2. Mesmo com o atraso de uns dias, é importante regressar à agitação parlamentar que elegeu em alternância Aguiar Branco para presidente da Assembleia da República. Já interessa pouco saber quem ganhou mediaticamente entre o PS (que ficará com a outra metade do mandato, se a Assembleia sobreviver) e o Chega. Pedro Nuno Santos e Ventura ganharam ambos. Os dois formaram uma tenaz à volta do PSD, que vai ser permanentemente acossado por políticos combativos. O socialista sugeriu a partilha e ganhou. Foi magnânimo e cobrou caro. Ventura agarrou-se a declarações que negavam a existência de um acordo entre ele e o PSD. Distanciou-se, afirmando-se de vez como oposição catalisadora da direita. PS e Chega, cada um no seu jeito, mais não fizeram do que lançar o primeiro ataque ao PSD no poder, mostrando a sua fragilidade. Assim vai ser no futuro. Sabem que para crescer precisam de esvaziar os sociais democratas e sacar-lhes o eleitorado.

3. Desfeito o imbróglio, Aguiar Branco discursou e falou numa mudança do regimento da Assembleia para evitar impasses. Propôs que se passe a eleger o presidente do parlamento por maioria simples. Fez mal. O segundo lugar do Estado deve ser atribuído por maioria absoluta. É a única forma de confrontar os deputados com a sua responsabilidade de cidadania. Quando não o conseguirem fazer, o sistema de regime estará em causa, transformando o plenário numa reunião de feirantes sem escrúpulos.

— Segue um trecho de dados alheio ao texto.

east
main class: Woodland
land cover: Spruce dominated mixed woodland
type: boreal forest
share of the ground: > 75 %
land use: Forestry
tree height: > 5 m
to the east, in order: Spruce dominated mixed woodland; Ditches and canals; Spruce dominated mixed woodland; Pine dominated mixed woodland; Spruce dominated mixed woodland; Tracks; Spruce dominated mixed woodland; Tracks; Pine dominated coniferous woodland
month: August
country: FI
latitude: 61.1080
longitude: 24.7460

4. Para júbilo do Chega e desespero de uma certa esquerda, Pacheco de Amorim foi eleito como um dos quatro vice-presidentes do Parlamento. Deve-o à AD (que também deu poleiro aos liberais), embora Ventura não tenha a hombridade de o reconhecer. A eleição é objetivamente um passo na normalização do Chega. A democracia portuguesa tem sido bem-sucedida em processos desses. Incorporou, por ação de Mário Soares, Eanes e Melo Antunes, um PCP que tentou impor uma ditadura comunista após o 25 de Abril. Mais tarde integrou a amálgama geradora do Bloco de Esquerda, que englobava gente com ligações aos terroristas das FP-25, organização fundada em plena democracia. Integrar todas as forças na democracia é um valor essencial que os tempos atuais tendem a tornar cada vez mais difíceis. Mas não se pode desistir. 

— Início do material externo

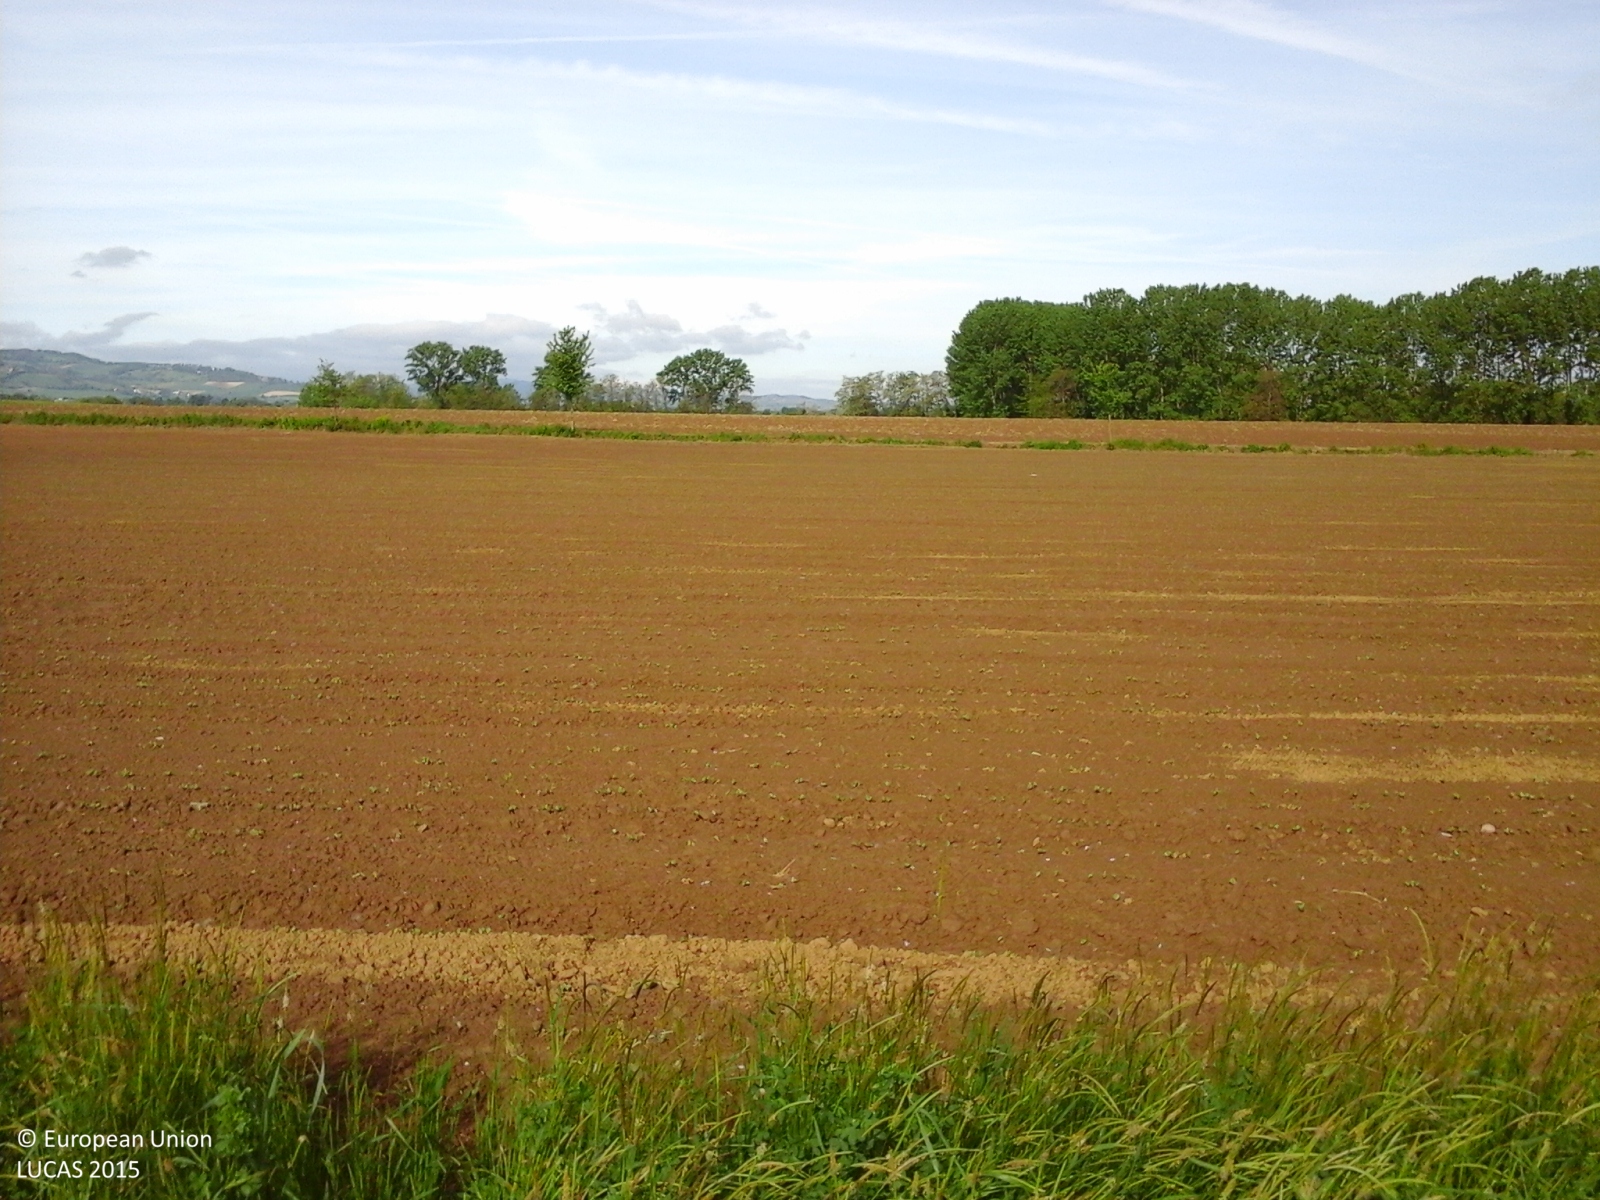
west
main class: Cropland
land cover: Lucerne
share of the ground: > 75 %
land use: Agriculture (excluding fallow land and kitchen gardens)
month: May
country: IT
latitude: 44.9807
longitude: 9.5570

5. Enquanto em Portugal olhamos só para a situação interna, no resto da Europa democrática os políticos de topo alertam para a existência de um clima de pré-guerra, motivada pela ameaça russa. É uma escalada verbal que Nuno Melo (regularmente errático e precipitado) não pode ignorar, enquanto novo ministro da Defesa. Até porque nos últimos dias os chefes máximos da Armada e do Exército já se adiantaram, comentando o clima de perigo crescente. 

6. A colisão de um cargueiro que demoliu a ponte de Baltimore, nos Estados Unidos, dá que pensar. É difícil olhar, por exemplo, para a Ponte 25 Abril com a certeza de que é impossível que algo parecido possa acontecer cá. Segundo um especialista em estruturas e pontes, existe essa hipótese, embora seja altamente remota. É desejável que o assunto mereça agora atenção dos técnicos e políticos, uma vez que os acidentes são sempre decisivos para implantar novos sistemas de segurança. O mesmo especialista sublinhou, na altura, a necessidade de se concretizar mesmo a obra de mais de 20 milhões de euros prevista para a ponte de Vila Franca que apresenta alguma fragilidade.